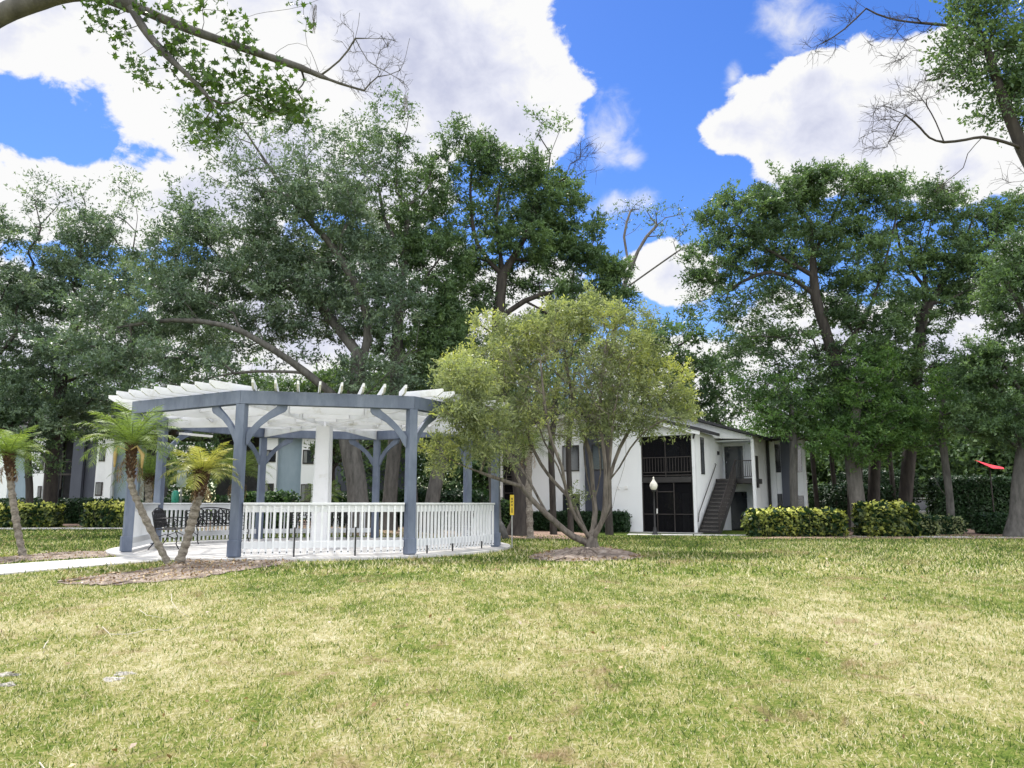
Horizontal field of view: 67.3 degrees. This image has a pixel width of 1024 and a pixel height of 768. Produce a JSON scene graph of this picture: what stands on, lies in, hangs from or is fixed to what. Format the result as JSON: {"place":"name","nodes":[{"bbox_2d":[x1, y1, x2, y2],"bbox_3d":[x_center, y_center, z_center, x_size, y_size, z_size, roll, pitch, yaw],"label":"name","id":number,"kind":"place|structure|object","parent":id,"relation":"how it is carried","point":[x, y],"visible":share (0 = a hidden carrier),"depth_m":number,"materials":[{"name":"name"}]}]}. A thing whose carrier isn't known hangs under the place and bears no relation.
{"place":"outdoors","nodes":[
{"label":"outdoors","id":0,"kind":"place"},
{"bbox_2d":[0,556,174,574],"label":"path","id":1,"kind":"structure","parent":0,"point":[6,569],"depth_m":13.36,"materials":[{"name":"concrete"}]},
{"bbox_2d":[0,527,206,528],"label":"sidewalk","id":2,"kind":"structure","parent":0,"point":[72,528],"depth_m":31.89,"materials":[{"name":"concrete"}]},
{"bbox_2d":[0,504,1023,767],"bbox_3d":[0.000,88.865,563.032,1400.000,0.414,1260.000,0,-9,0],"label":"ground","id":3,"kind":"structure","parent":0,"point":[536,730],"depth_m":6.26,"materials":[{"name":"green plant"}]},
{"bbox_2d":[0,681,15,686],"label":"sand patch","id":4,"kind":"object","parent":3,"relation":"on","point":[4,684],"visible":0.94,"depth_m":5.80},
{"bbox_2d":[0,671,20,676],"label":"sand patch","id":5,"kind":"object","parent":3,"relation":"on","point":[9,673],"visible":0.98,"depth_m":6.11,"materials":[{"name":"white sand"}]},
{"bbox_2d":[0,203,73,455],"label":"live oak","id":6,"kind":"object","parent":3,"relation":"on","point":[11,381],"visible":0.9,"depth_m":37.66,"materials":[{"name":"green plant"}]},
{"bbox_2d":[0,549,113,562],"bbox_3d":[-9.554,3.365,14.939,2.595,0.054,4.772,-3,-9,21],"label":"mulch bed","id":7,"kind":"object","parent":3,"relation":"on","point":[39,556],"visible":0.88,"depth_m":15.24,"materials":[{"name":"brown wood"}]},
{"bbox_2d":[0,425,52,555],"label":"date palm","id":8,"kind":"object","parent":7,"relation":"on","point":[9,452],"visible":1,"depth_m":15.43,"materials":[{"name":"green plant"}]},
{"bbox_2d":[0,415,210,502],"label":"apartment block","id":9,"kind":"structure","parent":3,"relation":"on","point":[76,480],"depth_m":51.95,"materials":[{"name":"white paint"}]},
{"bbox_2d":[95,482,102,495],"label":"window","id":10,"kind":"structure","parent":9,"relation":"in","point":[99,485],"depth_m":51.48,"materials":[{"name":"grey glass"}]},
{"bbox_2d":[99,447,105,460],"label":"window","id":11,"kind":"structure","parent":9,"relation":"in","point":[100,459],"depth_m":51.82,"materials":[{"name":"grey glass"}]},
{"bbox_2d":[103,677,124,681],"bbox_3d":[-3.104,2.290,5.959,0.180,0.036,0.134,0,-9,0],"label":"sand patch","id":12,"kind":"object","parent":3,"relation":"on","point":[107,679],"visible":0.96,"depth_m":5.96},
{"bbox_2d":[114,671,136,675],"bbox_3d":[-3.079,2.308,6.122,0.204,0.036,0.127,0,-9,0],"label":"sand patch","id":13,"kind":"object","parent":3,"relation":"on","point":[124,672],"visible":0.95,"depth_m":6.12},
{"bbox_2d":[102,626,179,634],"bbox_3d":[-3.718,2.426,7.576,0.818,0.028,0.340,0,-9,0],"label":"stick","id":14,"kind":"object","parent":3,"relation":"on","point":[134,632],"visible":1,"depth_m":7.55,"materials":[{"name":"brown wood"}]},
{"bbox_2d":[110,449,189,502],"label":"date palm","id":15,"kind":"object","parent":3,"relation":"on","point":[148,476],"visible":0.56,"depth_m":26.66,"materials":[{"name":"green plant"}]},
{"bbox_2d":[57,556,292,584],"bbox_3d":[-5.188,3.063,12.832,2.270,0.099,4.819,-1,-9,6],"label":"mulch bed","id":16,"kind":"object","parent":3,"relation":"on","point":[178,569],"visible":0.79,"depth_m":11.91,"materials":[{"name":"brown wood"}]},
{"bbox_2d":[68,400,242,563],"bbox_3d":[-6.352,1.822,13.804,3.016,2.912,1.945,0,-9,0],"label":"date palm","id":17,"kind":"object","parent":16,"relation":"on","point":[131,440],"visible":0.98,"depth_m":13.71,"materials":[{"name":"green plant"}]},
{"bbox_2d":[171,470,186,523],"bbox_3d":[-12.410,4.354,28.570,0.480,2.280,0.260,0,-9,0],"label":"waste station","id":18,"kind":"object","parent":3,"relation":"on","point":[175,493],"visible":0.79,"depth_m":28.68,"materials":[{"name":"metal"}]},
{"bbox_2d":[0,0,412,153],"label":"sycamore tree","id":19,"kind":"object","parent":3,"relation":"on","point":[11,11],"visible":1,"depth_m":6.89,"materials":[{"name":"green plant"}]},
{"bbox_2d":[310,4,316,32],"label":"hanging moss","id":20,"kind":"object","parent":19,"relation":"hanging from","point":[311,10],"visible":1,"depth_m":7.10,"materials":[{"name":"grey plant"}]},
{"bbox_2d":[402,95,408,113],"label":"hanging moss","id":21,"kind":"object","parent":19,"relation":"hanging from","point":[406,103],"visible":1,"depth_m":6.97,"materials":[{"name":"grey plant"}]},
{"bbox_2d":[204,444,274,499],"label":"date palm","id":22,"kind":"object","parent":3,"relation":"on","point":[248,464],"visible":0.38,"depth_m":27.75,"materials":[{"name":"green plant"}]},
{"bbox_2d":[205,433,404,517],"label":"apartment block","id":23,"kind":"structure","parent":3,"relation":"on","point":[292,463],"depth_m":58.01,"materials":[{"name":"white paint"}]},
{"bbox_2d":[265,483,273,491],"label":"window","id":24,"kind":"structure","parent":23,"relation":"in","point":[271,485],"depth_m":57.44,"materials":[{"name":"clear glass"}]},
{"bbox_2d":[267,450,275,461],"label":"window","id":25,"kind":"structure","parent":23,"relation":"in","point":[273,459],"depth_m":57.78,"materials":[{"name":"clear glass"}]},
{"bbox_2d":[300,484,310,501],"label":"window","id":26,"kind":"structure","parent":23,"relation":"in","point":[303,486],"depth_m":57.37,"materials":[{"name":"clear glass"}]},
{"bbox_2d":[302,450,313,463],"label":"window","id":27,"kind":"structure","parent":23,"relation":"in","point":[307,458],"depth_m":57.78,"materials":[{"name":"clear glass"}]},
{"bbox_2d":[106,379,513,560],"bbox_3d":[-4.660,2.393,18.927,9.249,3.549,9.249,2,-9,-14],"label":"gazebo","id":28,"kind":"object","parent":3,"relation":"on","point":[242,415],"visible":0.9,"depth_m":16.20,"materials":[{"name":"wood"}]},
{"bbox_2d":[147,507,187,549],"bbox_3d":[-7.875,3.316,17.761,0.652,0.922,1.629,2,-9,-15],"label":"garden bench","id":29,"kind":"object","parent":28,"relation":"on","point":[159,517],"visible":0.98,"depth_m":17.54,"materials":[{"name":"black metal"}]},
{"bbox_2d":[184,507,248,543],"bbox_3d":[-7.724,3.691,20.172,0.651,0.922,1.630,-5,-10,30],"label":"garden bench","id":30,"kind":"object","parent":28,"relation":"on","point":[207,524],"visible":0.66,"depth_m":20.29,"materials":[{"name":"black metal"}]},
{"bbox_2d":[288,512,347,539],"bbox_3d":[-5.526,3.972,21.975,1.629,0.922,0.652,2,-9,-15],"label":"garden bench","id":31,"kind":"object","parent":28,"relation":"on","point":[333,519],"visible":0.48,"depth_m":22.13,"materials":[{"name":"black metal"}]},
{"bbox_2d":[440,511,473,544],"bbox_3d":[-1.406,3.605,19.615,0.652,0.922,1.629,2,-9,-15],"label":"garden bench","id":32,"kind":"object","parent":28,"relation":"on","point":[464,523],"visible":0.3,"depth_m":19.24,"materials":[{"name":"black metal"}]},
{"bbox_2d":[34,520,585,538],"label":"leaf litter ground","id":33,"kind":"structure","parent":3,"relation":"on","point":[545,533],"depth_m":34.02,"materials":[{"name":"soil"},{"name":"dry leaves"},{"name":"bark mulch"}]},
{"bbox_2d":[0,500,67,527],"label":"clipped hedge","id":34,"kind":"object","parent":33,"relation":"on","point":[41,514],"visible":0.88,"depth_m":34.02,"materials":[{"name":"green plant"}]},
{"bbox_2d":[0,387,71,502],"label":"background oak","id":35,"kind":"object","parent":33,"relation":"on","point":[29,494],"visible":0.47,"depth_m":37.79,"materials":[{"name":"green plant"}]},
{"bbox_2d":[0,496,143,523],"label":"dark hedge","id":36,"kind":"object","parent":33,"relation":"on","point":[72,509],"visible":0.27,"depth_m":40.42,"materials":[{"name":"green plant"}]},
{"bbox_2d":[0,159,180,503],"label":"live oak","id":37,"kind":"object","parent":33,"relation":"on","point":[61,266],"visible":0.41,"depth_m":40.59,"materials":[{"name":"green plant"}]},
{"bbox_2d":[79,499,124,527],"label":"clipped hedge","id":38,"kind":"object","parent":33,"relation":"on","point":[97,514],"visible":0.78,"depth_m":33.36,"materials":[{"name":"green plant"}]},
{"bbox_2d":[48,284,290,496],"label":"background oak","id":39,"kind":"object","parent":33,"relation":"on","point":[255,376],"visible":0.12,"depth_m":44.85,"materials":[{"name":"green plant"}]},
{"bbox_2d":[142,492,208,526],"bbox_3d":[-15.493,5.854,35.530,2.718,1.695,2.335,-2,-9,13],"label":"shrub","id":40,"kind":"object","parent":33,"relation":"on","point":[185,499],"visible":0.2,"depth_m":34.73,"materials":[{"name":"green plant"}]},
{"bbox_2d":[211,490,250,524],"bbox_3d":[-13.004,6.094,37.509,2.990,1.834,2.520,0,-9,0],"label":"shrub","id":41,"kind":"object","parent":33,"relation":"on","point":[223,499],"visible":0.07,"depth_m":36.79,"materials":[{"name":"green plant"}]},
{"bbox_2d":[27,89,438,527],"bbox_3d":[-10.513,-3.037,31.679,15.185,18.146,8.967,0,-9,0],"label":"live oak","id":42,"kind":"object","parent":33,"relation":"on","point":[308,267],"visible":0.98,"depth_m":30.92,"materials":[{"name":"green plant"}]},
{"bbox_2d":[243,488,301,528],"bbox_3d":[-10.289,5.323,32.571,2.808,1.846,2.361,0,-9,0],"label":"shrub","id":43,"kind":"object","parent":33,"relation":"on","point":[282,496],"visible":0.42,"depth_m":31.89,"materials":[{"name":"green plant"}]},
{"bbox_2d":[331,490,380,525],"bbox_3d":[-7.646,5.941,36.534,3.104,1.844,2.600,0,-9,0],"label":"shrub","id":44,"kind":"object","parent":33,"relation":"on","point":[342,500],"visible":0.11,"depth_m":35.75,"materials":[{"name":"green plant"}]},
{"bbox_2d":[256,353,483,493],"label":"background oak","id":45,"kind":"object","parent":33,"relation":"on","point":[307,385],"visible":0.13,"depth_m":41.54,"materials":[{"name":"green plant"}]},
{"bbox_2d":[379,487,426,525],"bbox_3d":[-5.183,6.149,38.481,3.425,2.141,2.966,0,-9,0],"label":"shrub","id":46,"kind":"object","parent":33,"relation":"on","point":[421,491],"visible":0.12,"depth_m":37.59,"materials":[{"name":"green plant"}]},
{"bbox_2d":[371,331,452,528],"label":"tree","id":47,"kind":"object","parent":33,"relation":"on","point":[386,378],"visible":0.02,"depth_m":35.88,"materials":[{"name":"green plant"}]},
{"bbox_2d":[413,317,491,532],"bbox_3d":[-2.737,1.688,33.137,4.095,9.494,3.481,0,-9,0],"label":"tree","id":48,"kind":"object","parent":33,"relation":"on","point":[433,492],"visible":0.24,"depth_m":32.62,"materials":[{"name":"green plant"}]},
{"bbox_2d":[422,487,488,530],"bbox_3d":[-2.629,6.116,37.510,3.506,2.208,2.908,0,-9,0],"label":"shrub","id":49,"kind":"object","parent":33,"relation":"on","point":[456,496],"visible":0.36,"depth_m":36.64,"materials":[{"name":"green plant"}]},
{"bbox_2d":[501,497,510,528],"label":"shrub","id":50,"kind":"object","parent":33,"relation":"on","point":[505,512],"visible":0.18,"depth_m":38.75,"materials":[{"name":"green plant"}]},
{"bbox_2d":[407,96,641,535],"bbox_3d":[0.659,-3.326,36.550,11.224,20.971,6.347,0,-9,0],"label":"live oak","id":51,"kind":"object","parent":33,"relation":"on","point":[541,224],"visible":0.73,"depth_m":36.15,"materials":[{"name":"green plant"}]},
{"bbox_2d":[506,419,561,538],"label":"date palm","id":52,"kind":"object","parent":33,"relation":"on","point":[529,508],"visible":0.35,"depth_m":29.70,"materials":[{"name":"green plant"}]},
{"bbox_2d":[298,479,343,502],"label":"date palm","id":53,"kind":"object","parent":3,"relation":"on","point":[332,496],"visible":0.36,"depth_m":26.71,"materials":[{"name":"green plant"}]},
{"bbox_2d":[318,81,483,529],"bbox_3d":[-5.171,-3.843,35.057,8.127,20.758,6.021,0,-9,0],"label":"live oak","id":54,"kind":"object","parent":3,"relation":"on","point":[418,241],"visible":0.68,"depth_m":34.43,"materials":[{"name":"green plant"}]},
{"bbox_2d":[466,330,532,532],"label":"tree","id":55,"kind":"object","parent":3,"relation":"on","point":[489,468],"visible":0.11,"depth_m":33.69,"materials":[{"name":"green plant"}]},
{"bbox_2d":[499,517,508,538],"bbox_3d":[-0.439,4.763,26.053,0.222,1.098,1.248,5,-10,-27],"label":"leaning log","id":56,"kind":"object","parent":3,"relation":"on","point":[503,532],"visible":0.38,"depth_m":25.67,"materials":[{"name":"grey wood"}]},
{"bbox_2d":[0,530,1021,766],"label":"fallen leaves","id":57,"kind":"object","parent":3,"relation":"on","point":[373,704],"visible":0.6,"depth_m":7.56,"materials":[{"name":"brown plant"}]},
{"bbox_2d":[510,495,513,548],"bbox_3d":[0.000,3.245,18.091,0.095,1.260,0.029,0,-9,0],"label":"marker sign","id":58,"kind":"object","parent":3,"relation":"on","point":[511,505],"visible":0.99,"depth_m":18.11,"materials":[{"name":"metal"}]},
{"bbox_2d":[0,358,1023,506],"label":"wood","id":59,"kind":"object","parent":3,"relation":"on","point":[962,457],"depth_m":56.94,"materials":[{"name":"plant"}]},
{"bbox_2d":[527,340,578,534],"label":"slender tree","id":60,"kind":"object","parent":3,"relation":"on","point":[552,494],"visible":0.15,"depth_m":36.69,"materials":[{"name":"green plant"}]},
{"bbox_2d":[549,343,601,532],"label":"slender tree","id":61,"kind":"object","parent":3,"relation":"on","point":[569,484],"visible":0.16,"depth_m":36.77,"materials":[{"name":"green plant"}]},
{"bbox_2d":[533,509,631,531],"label":"dark hedge","id":62,"kind":"object","parent":3,"relation":"on","point":[621,521],"visible":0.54,"depth_m":40.17,"materials":[{"name":"green plant"}]},
{"bbox_2d":[528,545,643,560],"bbox_3d":[1.475,3.526,16.249,2.390,0.181,4.539,0,-9,0],"label":"mulch bed","id":63,"kind":"object","parent":3,"relation":"on","point":[579,552],"visible":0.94,"depth_m":15.27,"materials":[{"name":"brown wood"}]},
{"bbox_2d":[417,278,706,547],"bbox_3d":[0.912,0.670,18.316,7.355,6.547,3.858,4,-10,-23],"label":"bottlebrush tree","id":64,"kind":"object","parent":63,"relation":"on","point":[468,414],"visible":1,"depth_m":18.06,"materials":[{"name":"green plant"}]},
{"bbox_2d":[586,347,646,534],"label":"slender tree","id":65,"kind":"object","parent":3,"relation":"on","point":[609,525],"visible":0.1,"depth_m":36.69,"materials":[{"name":"green plant"}]},
{"bbox_2d":[607,195,694,390],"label":"slender tree","id":66,"kind":"object","parent":3,"relation":"on","point":[648,234],"visible":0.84,"depth_m":47.90,"materials":[{"name":"brown plant"}]},
{"bbox_2d":[500,399,817,533],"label":"apartment building","id":67,"kind":"structure","parent":3,"relation":"on","point":[712,478],"depth_m":40.78,"materials":[{"name":"white paint"}]},
{"bbox_2d":[562,445,578,471],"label":"window","id":68,"kind":"structure","parent":67,"relation":"in","point":[574,450],"depth_m":42.03,"materials":[{"name":"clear glass"}]},
{"bbox_2d":[563,494,579,510],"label":"window","id":69,"kind":"structure","parent":67,"relation":"in","point":[564,497],"depth_m":41.88,"materials":[{"name":"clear glass"}]},
{"bbox_2d":[592,444,602,470],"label":"window","id":70,"kind":"structure","parent":67,"relation":"in","point":[595,454],"depth_m":42.09,"materials":[{"name":"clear glass"}]},
{"bbox_2d":[700,437,704,473],"bbox_3d":[9.868,3.715,39.818,0.038,1.900,0.600,-5,-10,30],"label":"window","id":71,"kind":"structure","parent":67,"relation":"in","point":[701,439],"depth_m":39.73,"materials":[{"name":"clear glass"}]},
{"bbox_2d":[724,446,743,478],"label":"door","id":72,"kind":"structure","parent":67,"relation":"in","point":[731,453],"depth_m":42.93,"materials":[{"name":"grey glass"}]},
{"bbox_2d":[731,492,747,529],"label":"door","id":73,"kind":"structure","parent":67,"relation":"in","point":[739,502],"depth_m":42.39,"materials":[{"name":"black glass"}]},
{"bbox_2d":[775,444,780,472],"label":"window","id":74,"kind":"structure","parent":67,"relation":"in","point":[777,446],"depth_m":43.76,"materials":[{"name":"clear glass"}]},
{"bbox_2d":[777,494,782,506],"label":"window","id":75,"kind":"structure","parent":67,"relation":"in","point":[779,496],"depth_m":43.40,"materials":[{"name":"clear glass"}]},
{"bbox_2d":[798,444,801,471],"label":"window","id":76,"kind":"structure","parent":67,"relation":"in","point":[799,449],"depth_m":43.16,"materials":[{"name":"grey glass"}]},
{"bbox_2d":[798,496,803,507],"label":"window","id":77,"kind":"structure","parent":67,"relation":"in","point":[800,498],"depth_m":42.83,"materials":[{"name":"grey glass"}]},
{"bbox_2d":[617,298,746,426],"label":"background oak","id":78,"kind":"object","parent":3,"relation":"on","point":[715,412],"visible":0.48,"depth_m":56.08,"materials":[{"name":"green plant"}]},
{"bbox_2d":[721,359,832,507],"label":"slender tree","id":79,"kind":"object","parent":3,"relation":"on","point":[793,438],"visible":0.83,"depth_m":39.73,"materials":[{"name":"green plant"}]},
{"bbox_2d":[746,529,1018,538],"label":"leaf litter ground","id":80,"kind":"structure","parent":3,"relation":"on","point":[971,532],"depth_m":33.77,"materials":[{"name":"brown soil"}]},
{"bbox_2d":[740,505,849,536],"bbox_3d":[12.681,6.232,34.607,4.872,1.588,1.874,0,-9,0],"label":"clipped hedge","id":81,"kind":"object","parent":80,"relation":"on","point":[796,521],"visible":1,"depth_m":34.07,"materials":[{"name":"green plant"}]},
{"bbox_2d":[673,154,935,530],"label":"live oak","id":82,"kind":"object","parent":80,"relation":"on","point":[803,191],"visible":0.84,"depth_m":42.98,"materials":[{"name":"green plant"}]},
{"bbox_2d":[787,394,832,508],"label":"slender tree","id":83,"kind":"object","parent":80,"relation":"on","point":[815,485],"visible":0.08,"depth_m":46.56,"materials":[{"name":"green plant"}]},
{"bbox_2d":[800,366,862,508],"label":"slender tree","id":84,"kind":"object","parent":80,"relation":"on","point":[832,470],"visible":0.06,"depth_m":46.67,"materials":[{"name":"green plant"}]},
{"bbox_2d":[807,481,897,523],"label":"shrub","id":85,"kind":"object","parent":80,"relation":"on","point":[828,496],"visible":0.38,"depth_m":46.39,"materials":[{"name":"green plant"}]},
{"bbox_2d":[795,341,935,531],"bbox_3d":[17.966,2.627,39.634,7.237,10.038,5.075,0,-9,0],"label":"ivy tree","id":86,"kind":"object","parent":80,"relation":"on","point":[856,432],"visible":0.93,"depth_m":39.29,"materials":[{"name":"green plant"}]},
{"bbox_2d":[836,467,924,503],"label":"shrub","id":87,"kind":"object","parent":80,"relation":"on","point":[884,477],"visible":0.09,"depth_m":48.47,"materials":[{"name":"green plant"}]},
{"bbox_2d":[850,499,922,536],"bbox_3d":[16.840,6.110,34.674,2.821,1.876,2.122,0,-9,0],"label":"clipped hedge","id":88,"kind":"object","parent":80,"relation":"on","point":[882,518],"visible":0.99,"depth_m":33.96,"materials":[{"name":"green plant"}]},
{"bbox_2d":[853,326,924,500],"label":"thin tree","id":89,"kind":"object","parent":80,"relation":"on","point":[873,484],"visible":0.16,"depth_m":42.52,"materials":[{"name":"green plant"}]},
{"bbox_2d":[872,399,925,498],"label":"slender tree","id":90,"kind":"object","parent":80,"relation":"on","point":[891,475],"depth_m":46.63,"materials":[{"name":"green plant"}]},
{"bbox_2d":[914,498,929,513],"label":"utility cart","id":91,"kind":"object","parent":80,"relation":"on","point":[922,506],"visible":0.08,"depth_m":48.05,"materials":[{"name":"white plastic"}]},
{"bbox_2d":[919,512,941,535],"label":"shrub","id":92,"kind":"object","parent":80,"relation":"on","point":[929,524],"visible":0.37,"depth_m":35.33,"materials":[{"name":"green plant"}]},
{"bbox_2d":[861,166,1023,502],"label":"live oak","id":93,"kind":"object","parent":80,"relation":"on","point":[965,247],"visible":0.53,"depth_m":44.93,"materials":[{"name":"green plant"}]},
{"bbox_2d":[931,514,968,534],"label":"shrub","id":94,"kind":"object","parent":80,"relation":"on","point":[952,524],"visible":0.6,"depth_m":36.14,"materials":[{"name":"green plant"}]},
{"bbox_2d":[887,359,1020,515],"bbox_3d":[21.718,3.007,37.973,6.419,8.751,3.886,0,-9,0],"label":"knobby tree","id":95,"kind":"object","parent":80,"relation":"on","point":[944,394],"visible":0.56,"depth_m":37.80,"materials":[{"name":"green plant"}]},
{"bbox_2d":[921,473,1011,528],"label":"dark hedge","id":96,"kind":"object","parent":80,"relation":"on","point":[972,495],"visible":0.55,"depth_m":44.76,"materials":[{"name":"green plant"}]},
{"bbox_2d":[940,220,1023,536],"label":"live oak","id":97,"kind":"object","parent":80,"relation":"on","point":[982,364],"visible":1,"depth_m":34.69,"materials":[{"name":"green plant"}]},
{"bbox_2d":[969,510,1008,534],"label":"shrub","id":98,"kind":"object","parent":80,"relation":"on","point":[991,523],"visible":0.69,"depth_m":36.34,"materials":[{"name":"green plant"}]},
{"bbox_2d":[975,460,1003,511],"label":"sun canopy","id":99,"kind":"object","parent":80,"relation":"on","point":[993,466],"visible":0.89,"depth_m":44.01,"materials":[{"name":"red fabric"}]},
{"bbox_2d":[801,0,1023,201],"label":"oak tree","id":100,"kind":"object","parent":3,"relation":"on","point":[1008,88],"visible":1,"depth_m":15.55,"materials":[{"name":"green plant"}]},
{"bbox_2d":[0,0,1023,501],"label":"sky","id":101,"kind":"structure","parent":0,"point":[686,98],"materials":[{"name":"blue"}]},
{"bbox_2d":[627,534,1023,537],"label":"sidewalk","id":102,"kind":"structure","parent":0,"point":[747,535],"depth_m":35.22,"materials":[{"name":"concrete"}]},
{"bbox_2d":[650,477,657,534],"bbox_3d":[6.720,5.761,36.346,0.370,2.730,0.370,0,-9,0],"label":"street lamp","id":103,"kind":"object","parent":102,"relation":"on","point":[653,485],"visible":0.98,"depth_m":36.33,"materials":[{"name":"black metal"}]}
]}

☆ ☆ ☆ ☆ ☆ ☆ ☆

*EXERCISE PROMPT:*
Based on the listing, determine the number of lines that include the string "dark", and give that number without further text.

*ANSWER TO THIS EXERCISE:*
3